In response, Plaintiff correctly states that the complaint "seeks only those damages available to the personal representative of the Kedra estate” and suggests that the caption includes the words "in her own right” only because that is the "conventional construction” for a caption in a case of this type. Pl.'s Resp. 2 n.l, ECF No. 8. Therefore, there is no dispute here; Plaintiff does not in fact seek to sue in her own right.
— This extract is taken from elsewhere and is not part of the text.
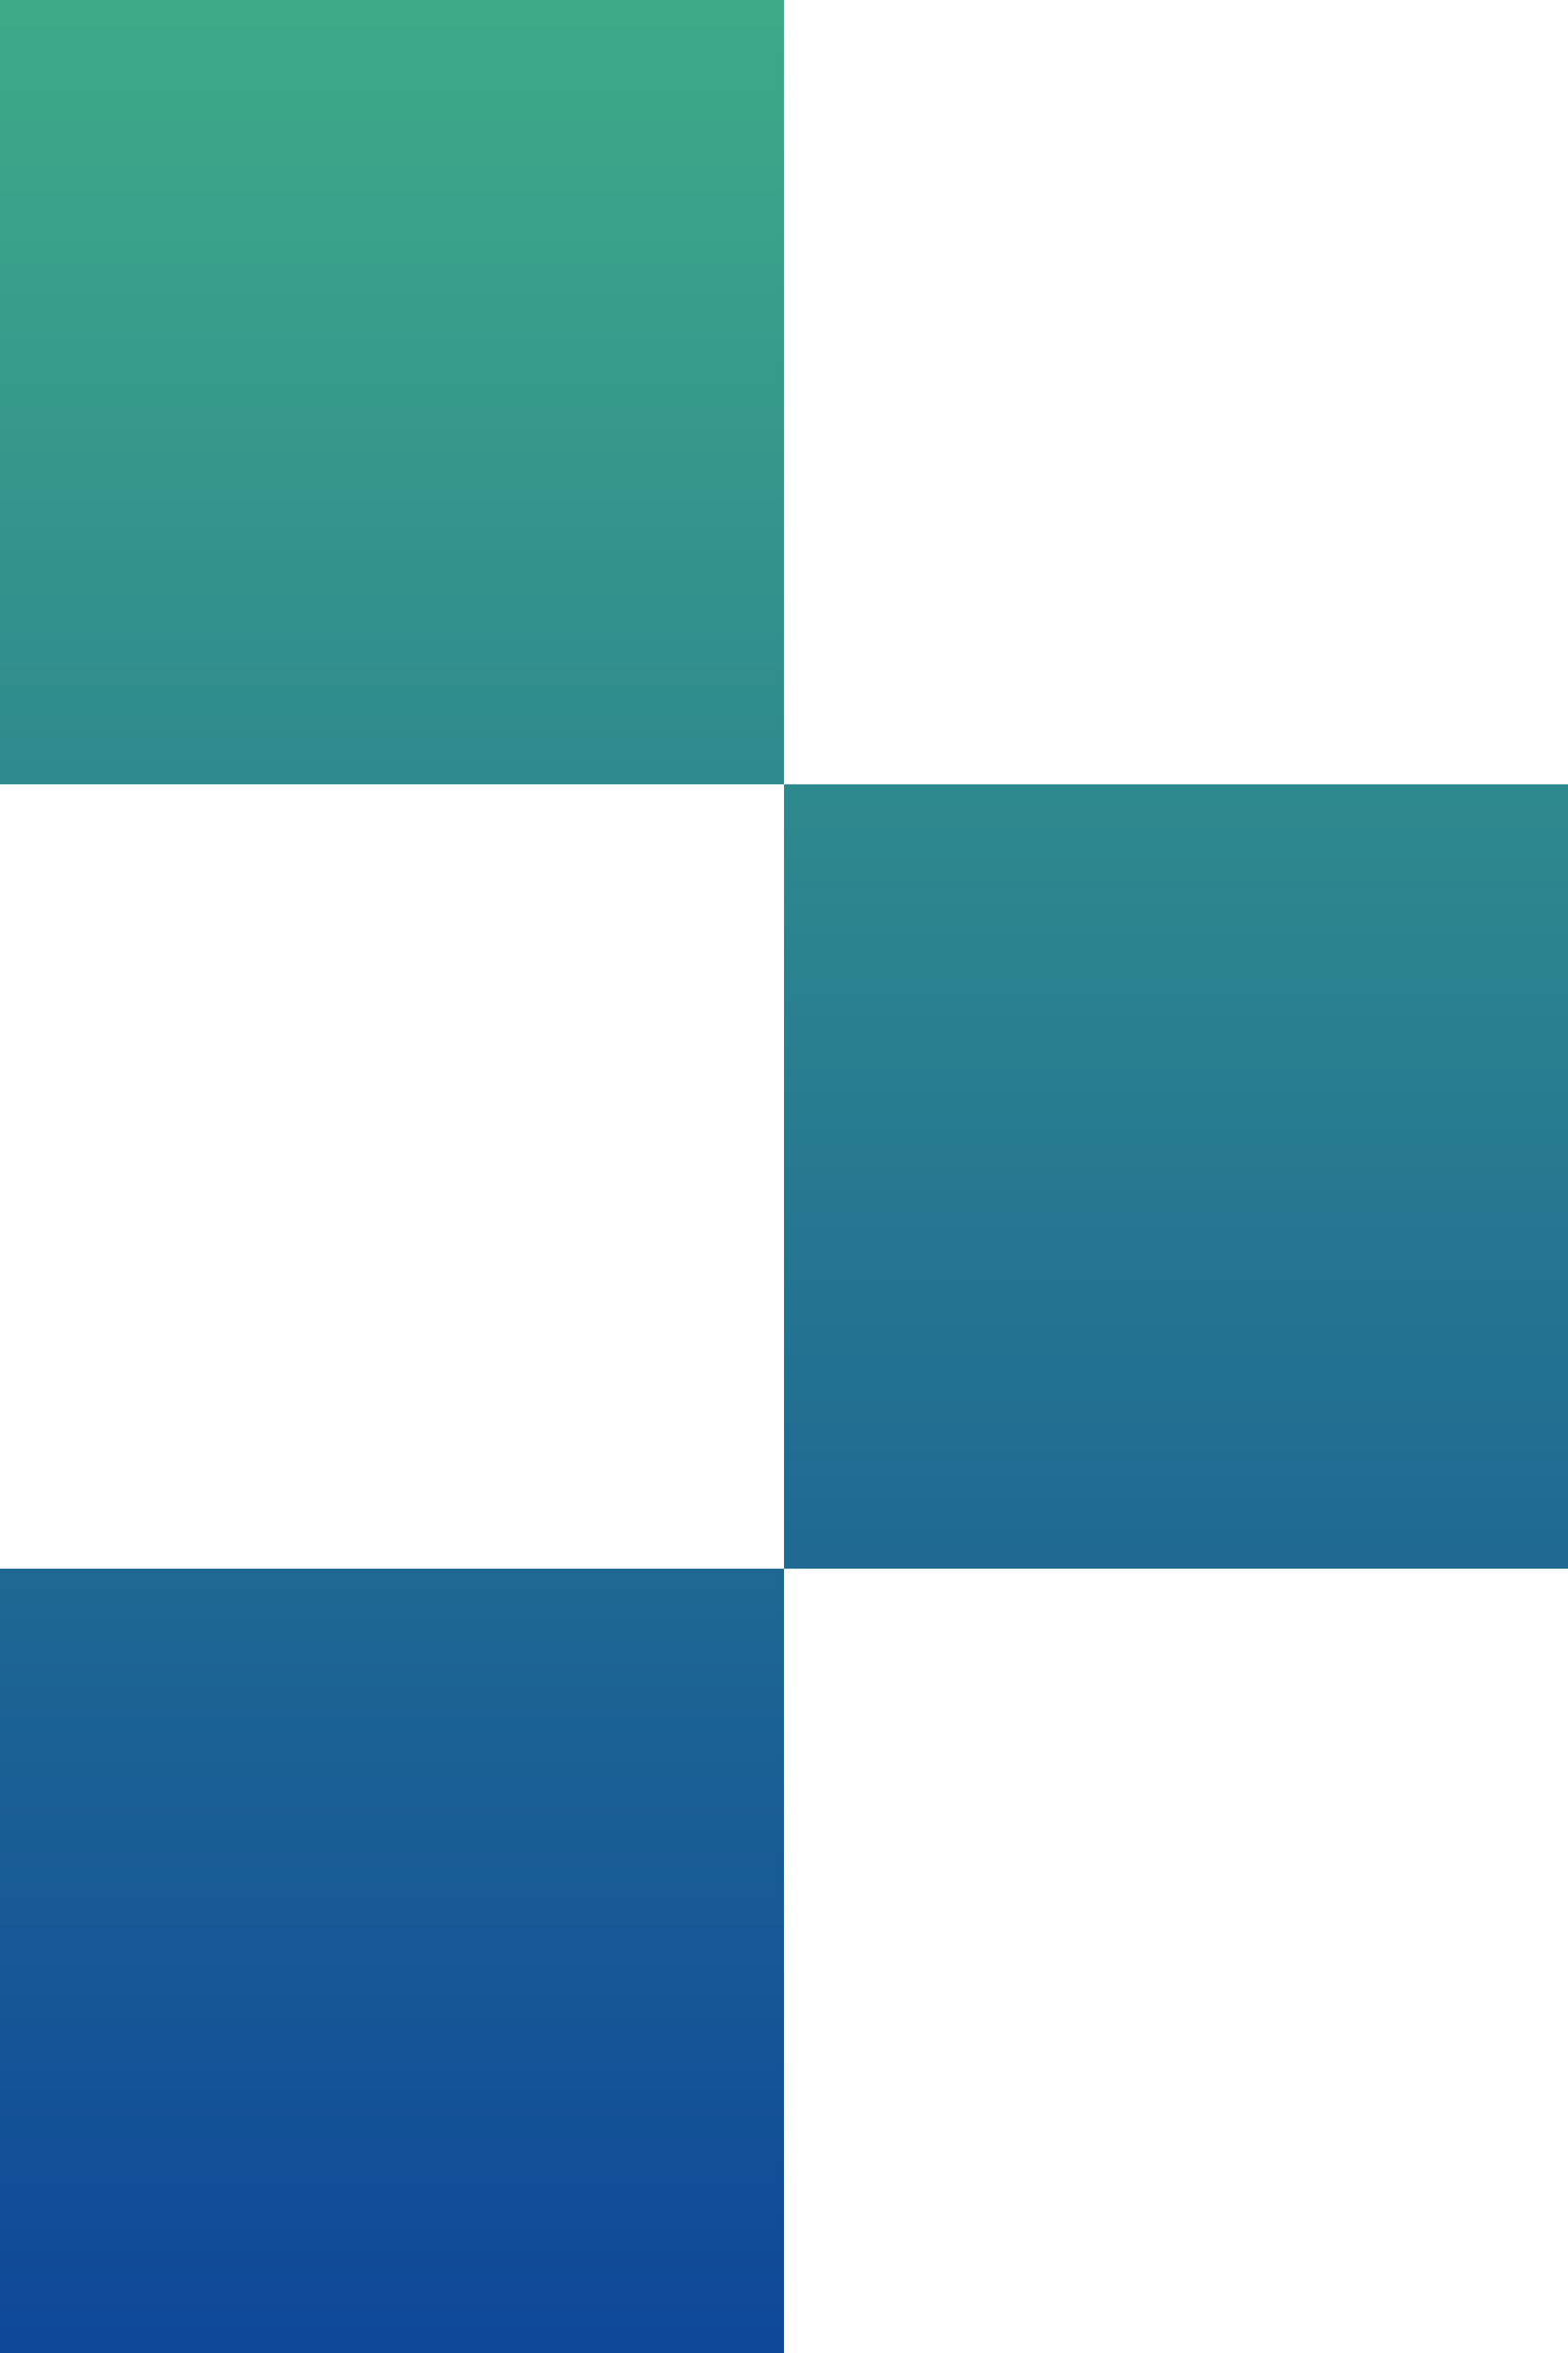 <svg xmlns="http://www.w3.org/2000/svg" xmlns:xlink="http://www.w3.org/1999/xlink" width="188" height="282" viewBox="0 0 188 282"><defs><linearGradient id="a" x1="0.5" x2="0.5" y2="1" gradientUnits="objectBoundingBox"><stop offset="0" stop-color="#3fac88"/><stop offset="1" stop-color="#0e4699"/></linearGradient></defs><path d="M0,282V188H94v94Zm94-94V94h94v94ZM0,94V0H94V94Z" fill="url(#a)"/></svg>

She is thus granted leave to amend the caption accordingly.

. The Court need not address, these prongs sequentially. See Pearson v. Callahan, 555 U.S. 223, 236, 129 S.Ct. 808, 172 L.Ed.2d 565 (2009) ("The judges of the district courts and the courts of appeals should be permitted to exercise their sound discretion in deciding which of the two prongs of the qualified immunity analysis should be addressed first in light of the circumstances in the particular case at hand.”).

. Plaintiff does argue that Defendant's plea of guilty to five counts of reckless endangerment in a state criminal court is an admission establishing that Defendant necessarily acted with conscious disregard - which, under Sanford, would also be -sufficient to establish that his culpability shocks the conscience - because in Pennsylvania, ''[t]he mens rea for the crime of recklessly endangering another person is a 'conscious disregard of a known risk of death or great bodily injury to another person.' " Commonwealth v. Klein, 795 A.2d 424, 428 (Pa.Super.Ct.2002) (quoting Commonwealth v. Hopkins, 747 A.2d 910, 915-16 (Pa.Super.Ct.2000)).

This argument holds water only if non-mutual offensive collateral estoppel is extended here. Such estoppel, which has a "unique potential for unfairness,” is not automatic and may be applied only at the discretion of the district court. Jean Alexander Cosmetics, Inc. v. L’Oreal USA, Inc., 458 F.3d 244, 249 (3d Cir.2006). At least four requirements must be proven: "(1) the identical issue was previously adjudicated; (2) the issue was actually litigated; (3) the previous determination was necessary to the decision; and (4) the party being precluded from relitigating the issue was fully represented in the prior action.” Id. (internal quotation marks omitted).

Plaintiff has not even attempted to carry her "burden of proving [estoppel’s] applicability to the case at hand.” Dici v. Commonwealth of Pa., 91 F.3d 542, 548 (3d Cir.1996). Rather, she simply assumes that estoppel applies without engaging in any of the relevant legal analysis. Moreover, the Court will not hold that Defendant had a "full and fair opportunity to litigate” the question of his constitutional culpability on the basis of a guilty plea in a state criminal court. Seborowski v. Pittsburgh Press Co., 188 F.3d 163, 169 (3d Cir.1999). Under these circumstances, therefore, the Court declines to apply estoppel, and *365Defendant's culpability thus remains unestablished.

. Before Pearson, the Supreme Court required lower courts to address the two prongs of the qualified immunity analysis in sequence — determining first whether a constitutional violation had occurred, then whether the right at issue was clearly established. See Pearson, 555 U.S. at 232, 129 S.Ct. 808 (discussing Saucier, 533 U.S. 194, 121 S.Ct. 2151, 150 L.Ed.2d 272, in which the two-step sequential analysis was mandated).

. An example of a right defined at too high a level of ’ generality is "that an unreasonable search or seizure violates the Fourth Amendment.” al-Kidd, 131 S.Ct. at 2084.